• Records drawn from a dataset:

--

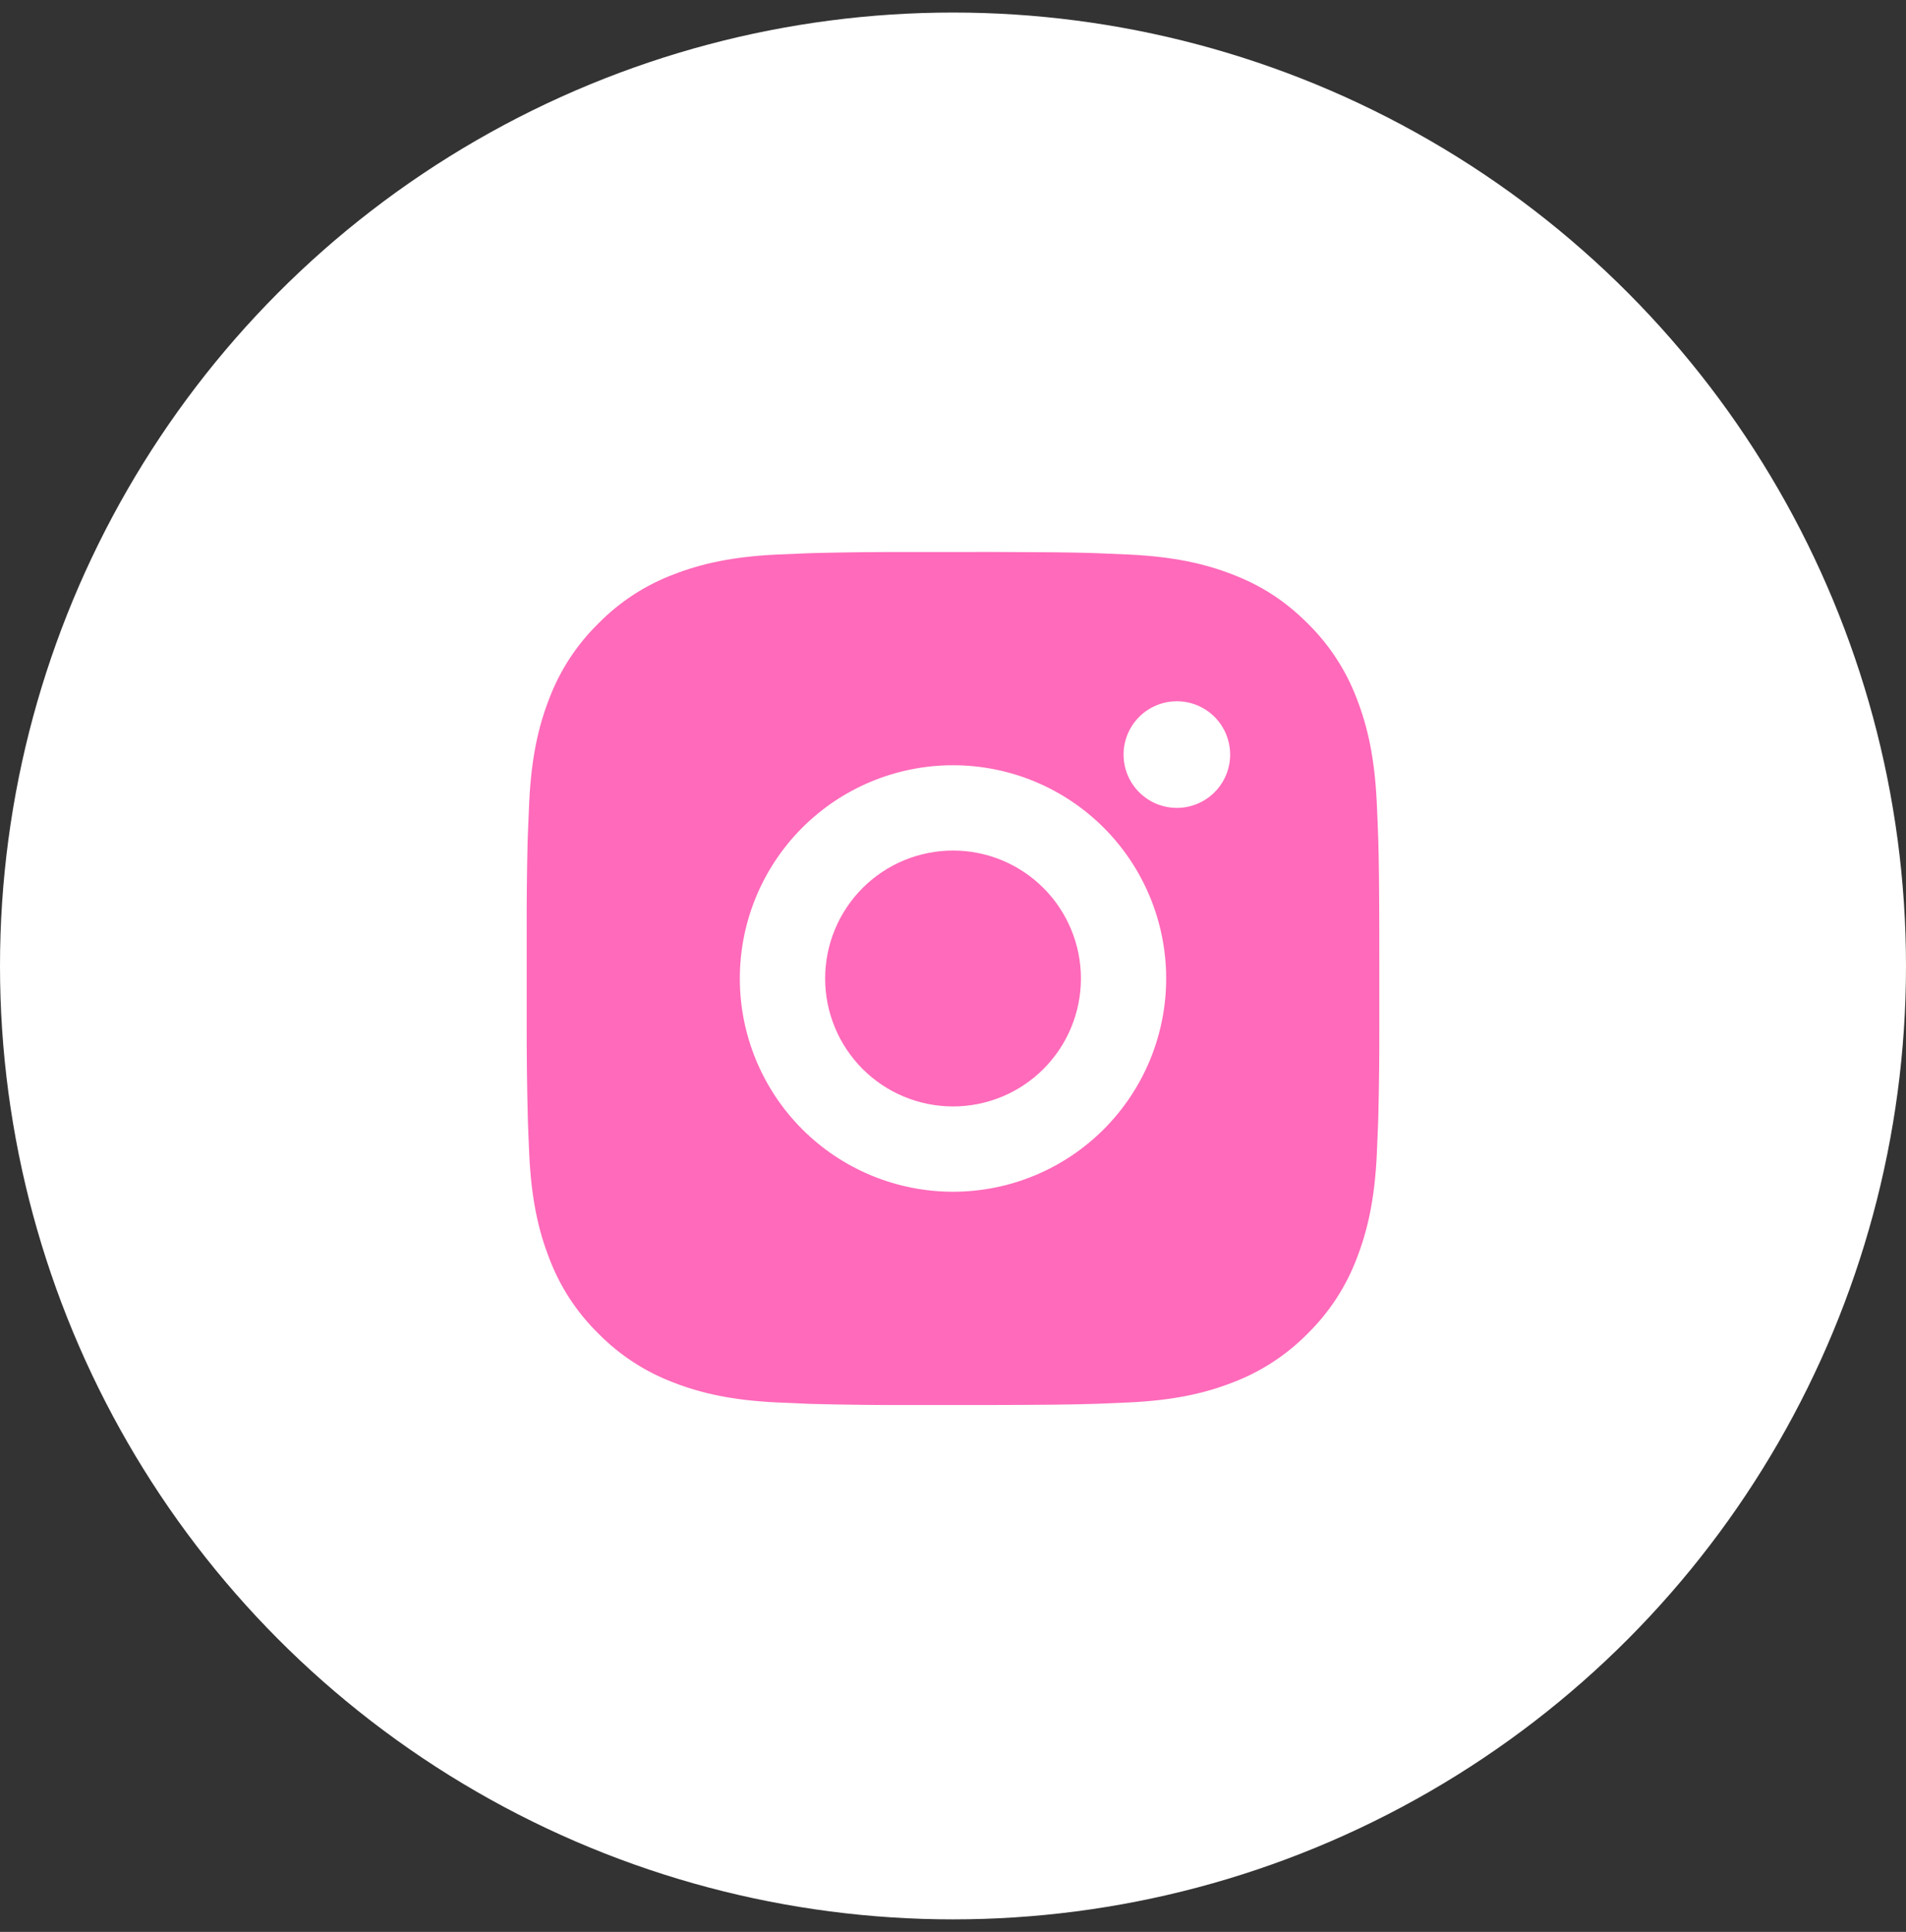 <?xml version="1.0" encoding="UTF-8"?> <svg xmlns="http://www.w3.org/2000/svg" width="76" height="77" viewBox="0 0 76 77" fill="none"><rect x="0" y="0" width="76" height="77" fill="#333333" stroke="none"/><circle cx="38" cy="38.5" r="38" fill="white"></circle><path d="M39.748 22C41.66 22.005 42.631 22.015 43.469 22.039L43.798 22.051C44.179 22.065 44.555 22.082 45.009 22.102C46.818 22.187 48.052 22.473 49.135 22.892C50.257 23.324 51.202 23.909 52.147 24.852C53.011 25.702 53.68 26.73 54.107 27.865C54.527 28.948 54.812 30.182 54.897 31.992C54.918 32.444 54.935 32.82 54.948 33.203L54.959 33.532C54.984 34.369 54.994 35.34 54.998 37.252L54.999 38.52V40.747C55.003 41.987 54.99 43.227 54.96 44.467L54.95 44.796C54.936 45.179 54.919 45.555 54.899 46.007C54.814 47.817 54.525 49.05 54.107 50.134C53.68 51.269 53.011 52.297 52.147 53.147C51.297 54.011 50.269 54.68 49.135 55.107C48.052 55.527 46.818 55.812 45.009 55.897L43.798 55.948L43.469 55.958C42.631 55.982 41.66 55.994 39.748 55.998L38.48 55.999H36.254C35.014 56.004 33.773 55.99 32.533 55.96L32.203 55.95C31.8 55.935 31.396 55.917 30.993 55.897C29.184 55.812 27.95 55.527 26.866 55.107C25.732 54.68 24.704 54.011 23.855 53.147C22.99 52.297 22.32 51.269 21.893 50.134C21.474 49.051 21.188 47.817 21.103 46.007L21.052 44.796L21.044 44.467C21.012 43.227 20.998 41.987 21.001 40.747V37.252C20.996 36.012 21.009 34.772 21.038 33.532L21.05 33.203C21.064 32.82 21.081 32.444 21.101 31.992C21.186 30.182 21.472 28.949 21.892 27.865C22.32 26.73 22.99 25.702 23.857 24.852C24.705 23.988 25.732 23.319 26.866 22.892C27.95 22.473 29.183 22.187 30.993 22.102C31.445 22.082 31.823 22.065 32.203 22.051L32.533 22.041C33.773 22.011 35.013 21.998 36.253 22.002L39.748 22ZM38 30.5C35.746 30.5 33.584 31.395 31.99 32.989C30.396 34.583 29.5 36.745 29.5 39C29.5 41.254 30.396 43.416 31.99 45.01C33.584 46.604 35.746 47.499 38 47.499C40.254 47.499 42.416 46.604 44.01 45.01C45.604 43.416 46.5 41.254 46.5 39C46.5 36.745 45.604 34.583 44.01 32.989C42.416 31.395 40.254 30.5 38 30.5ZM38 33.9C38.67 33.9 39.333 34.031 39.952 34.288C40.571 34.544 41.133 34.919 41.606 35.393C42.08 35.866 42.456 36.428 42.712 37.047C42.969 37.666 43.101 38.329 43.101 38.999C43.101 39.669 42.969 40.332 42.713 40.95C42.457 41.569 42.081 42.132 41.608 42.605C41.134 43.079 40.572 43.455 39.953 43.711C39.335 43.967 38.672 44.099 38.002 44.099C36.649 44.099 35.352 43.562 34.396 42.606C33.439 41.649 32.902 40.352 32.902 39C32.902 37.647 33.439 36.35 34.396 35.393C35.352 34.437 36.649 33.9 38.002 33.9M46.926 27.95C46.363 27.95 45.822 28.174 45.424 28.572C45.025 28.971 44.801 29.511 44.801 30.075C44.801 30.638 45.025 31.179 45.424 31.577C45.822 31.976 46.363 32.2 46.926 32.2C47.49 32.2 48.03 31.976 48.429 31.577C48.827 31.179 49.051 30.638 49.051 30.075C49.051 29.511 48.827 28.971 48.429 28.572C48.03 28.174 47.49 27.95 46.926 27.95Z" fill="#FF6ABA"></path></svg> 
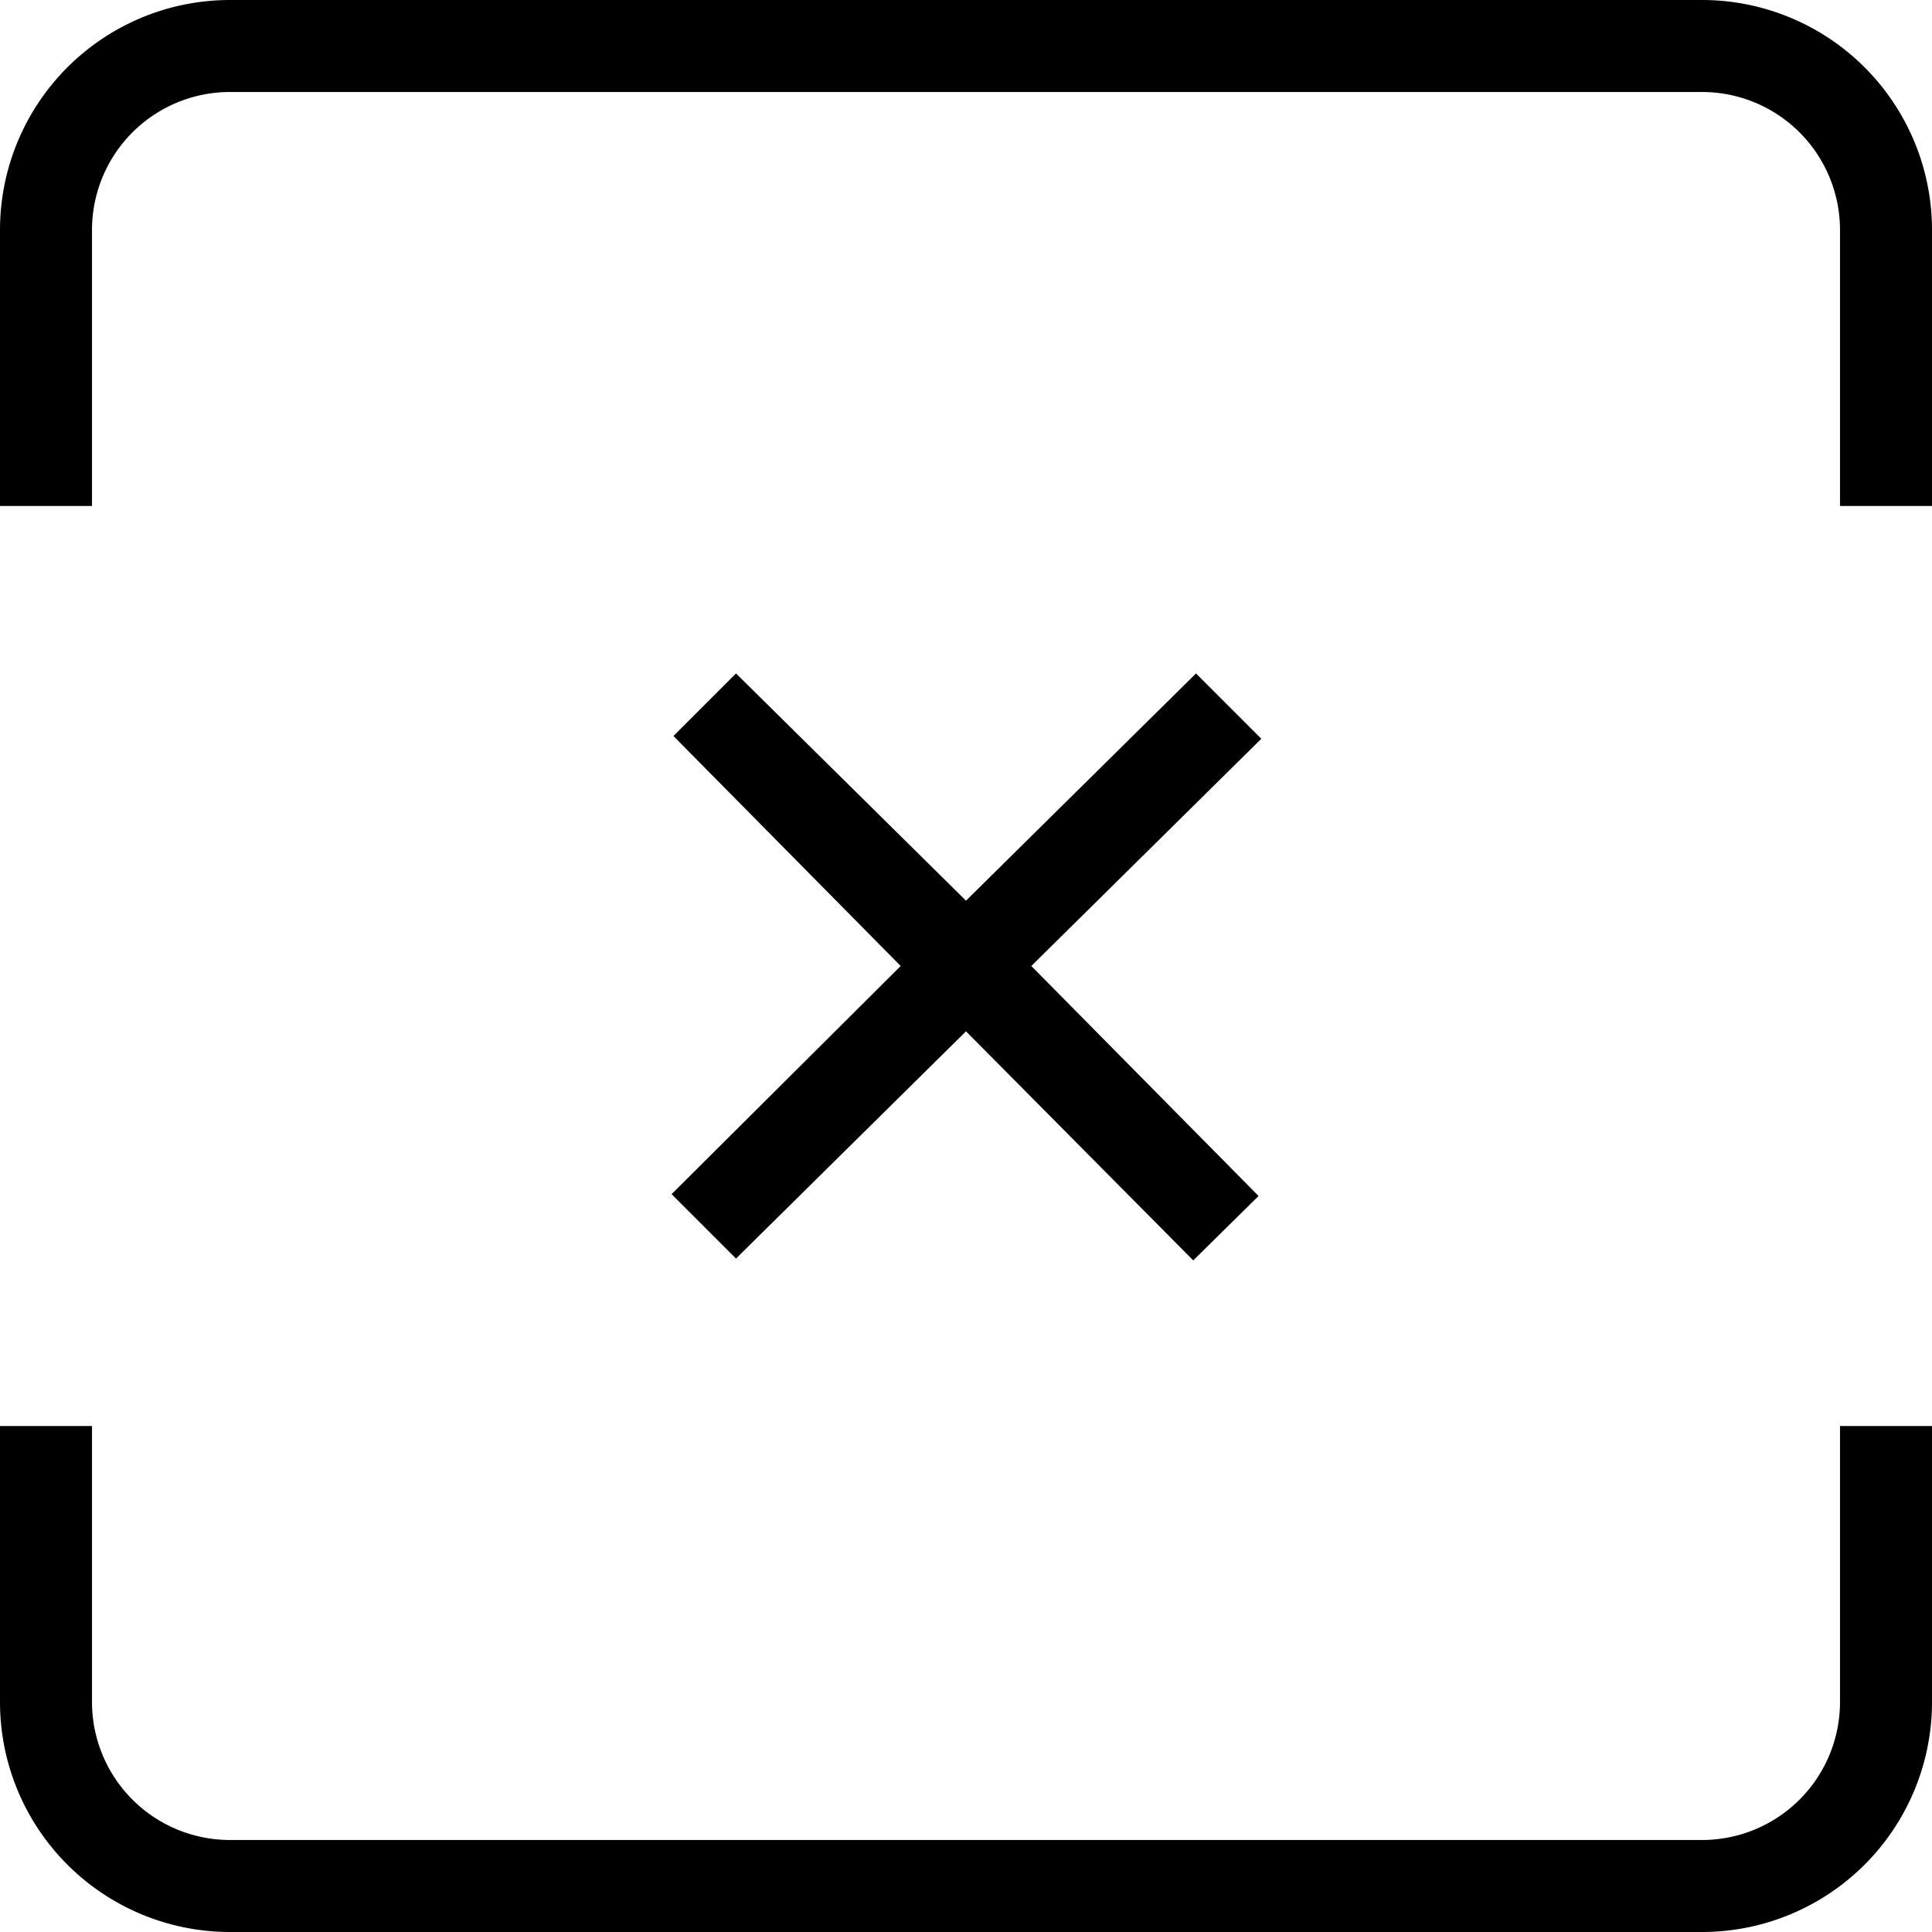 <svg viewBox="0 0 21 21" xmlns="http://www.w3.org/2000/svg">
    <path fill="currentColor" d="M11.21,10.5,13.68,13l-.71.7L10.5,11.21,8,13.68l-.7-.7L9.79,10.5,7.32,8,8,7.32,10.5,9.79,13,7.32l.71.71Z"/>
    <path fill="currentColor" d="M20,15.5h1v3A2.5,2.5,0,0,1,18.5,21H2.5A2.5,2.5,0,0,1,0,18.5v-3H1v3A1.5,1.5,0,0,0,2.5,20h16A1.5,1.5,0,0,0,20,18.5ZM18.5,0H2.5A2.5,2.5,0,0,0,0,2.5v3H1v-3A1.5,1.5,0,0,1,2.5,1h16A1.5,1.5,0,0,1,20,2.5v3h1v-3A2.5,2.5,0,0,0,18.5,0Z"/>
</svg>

--

• PROBLEM DETAILS:
Without the pictures, print all of the records exactly.

• OUTPUT FOR THIS EXERCISE:
 <?xml version="1.0" encoding="UTF-8"?> <svg xmlns="http://www.w3.org/2000/svg" width="76" height="77" viewBox="0 0 76 77" fill="none"><rect x="0" y="0" width="76" height="77" fill="#333333" stroke="none"/><circle cx="38" cy="38.5" r="38" fill="white"></circle><path d="M39.748 22C41.66 22.005 42.631 22.015 43.469 22.039L43.798 22.051C44.179 22.065 44.555 22.082 45.009 22.102C46.818 22.187 48.052 22.473 49.135 22.892C50.257 23.324 51.202 23.909 52.147 24.852C53.011 25.702 53.68 26.73 54.107 27.865C54.527 28.948 54.812 30.182 54.897 31.992C54.918 32.444 54.935 32.82 54.948 33.203L54.959 33.532C54.984 34.369 54.994 35.34 54.998 37.252L54.999 38.52V40.747C55.003 41.987 54.99 43.227 54.96 44.467L54.95 44.796C54.936 45.179 54.919 45.555 54.899 46.007C54.814 47.817 54.525 49.05 54.107 50.134C53.68 51.269 53.011 52.297 52.147 53.147C51.297 54.011 50.269 54.68 49.135 55.107C48.052 55.527 46.818 55.812 45.009 55.897L43.798 55.948L43.469 55.958C42.631 55.982 41.66 55.994 39.748 55.998L38.48 55.999H36.254C35.014 56.004 33.773 55.99 32.533 55.96L32.203 55.95C31.8 55.935 31.396 55.917 30.993 55.897C29.184 55.812 27.95 55.527 26.866 55.107C25.732 54.68 24.704 54.011 23.855 53.147C22.99 52.297 22.32 51.269 21.893 50.134C21.474 49.051 21.188 47.817 21.103 46.007L21.052 44.796L21.044 44.467C21.012 43.227 20.998 41.987 21.001 40.747V37.252C20.996 36.012 21.009 34.772 21.038 33.532L21.05 33.203C21.064 32.82 21.081 32.444 21.101 31.992C21.186 30.182 21.472 28.949 21.892 27.865C22.32 26.73 22.99 25.702 23.857 24.852C24.705 23.988 25.732 23.319 26.866 22.892C27.95 22.473 29.183 22.187 30.993 22.102C31.445 22.082 31.823 22.065 32.203 22.051L32.533 22.041C33.773 22.011 35.013 21.998 36.253 22.002L39.748 22ZM38 30.5C35.746 30.5 33.584 31.395 31.99 32.989C30.396 34.583 29.5 36.745 29.5 39C29.5 41.254 30.396 43.416 31.99 45.01C33.584 46.604 35.746 47.499 38 47.499C40.254 47.499 42.416 46.604 44.01 45.01C45.604 43.416 46.5 41.254 46.5 39C46.5 36.745 45.604 34.583 44.01 32.989C42.416 31.395 40.254 30.5 38 30.5ZM38 33.9C38.67 33.9 39.333 34.031 39.952 34.288C40.571 34.544 41.133 34.919 41.606 35.393C42.08 35.866 42.456 36.428 42.712 37.047C42.969 37.666 43.101 38.329 43.101 38.999C43.101 39.669 42.969 40.332 42.713 40.95C42.457 41.569 42.081 42.132 41.608 42.605C41.134 43.079 40.572 43.455 39.953 43.711C39.335 43.967 38.672 44.099 38.002 44.099C36.649 44.099 35.352 43.562 34.396 42.606C33.439 41.649 32.902 40.352 32.902 39C32.902 37.647 33.439 36.35 34.396 35.393C35.352 34.437 36.649 33.9 38.002 33.9M46.926 27.95C46.363 27.95 45.822 28.174 45.424 28.572C45.025 28.971 44.801 29.511 44.801 30.075C44.801 30.638 45.025 31.179 45.424 31.577C45.822 31.976 46.363 32.2 46.926 32.2C47.49 32.2 48.03 31.976 48.429 31.577C48.827 31.179 49.051 30.638 49.051 30.075C49.051 29.511 48.827 28.971 48.429 28.572C48.03 28.174 47.49 27.95 46.926 27.95Z" fill="#FF6ABA"></path></svg> 
 <svg viewBox="0 0 21 21" xmlns="http://www.w3.org/2000/svg">
    <path fill="currentColor" d="M11.21,10.5,13.68,13l-.71.7L10.5,11.21,8,13.68l-.7-.7L9.79,10.5,7.32,8,8,7.32,10.5,9.79,13,7.32l.71.71Z"/>
    <path fill="currentColor" d="M20,15.5h1v3A2.5,2.5,0,0,1,18.5,21H2.5A2.5,2.5,0,0,1,0,18.5v-3H1v3A1.5,1.5,0,0,0,2.5,20h16A1.5,1.5,0,0,0,20,18.5ZM18.5,0H2.5A2.5,2.5,0,0,0,0,2.5v3H1v-3A1.5,1.5,0,0,1,2.5,1h16A1.5,1.5,0,0,1,20,2.5v3h1v-3A2.5,2.5,0,0,0,18.5,0Z"/>
</svg>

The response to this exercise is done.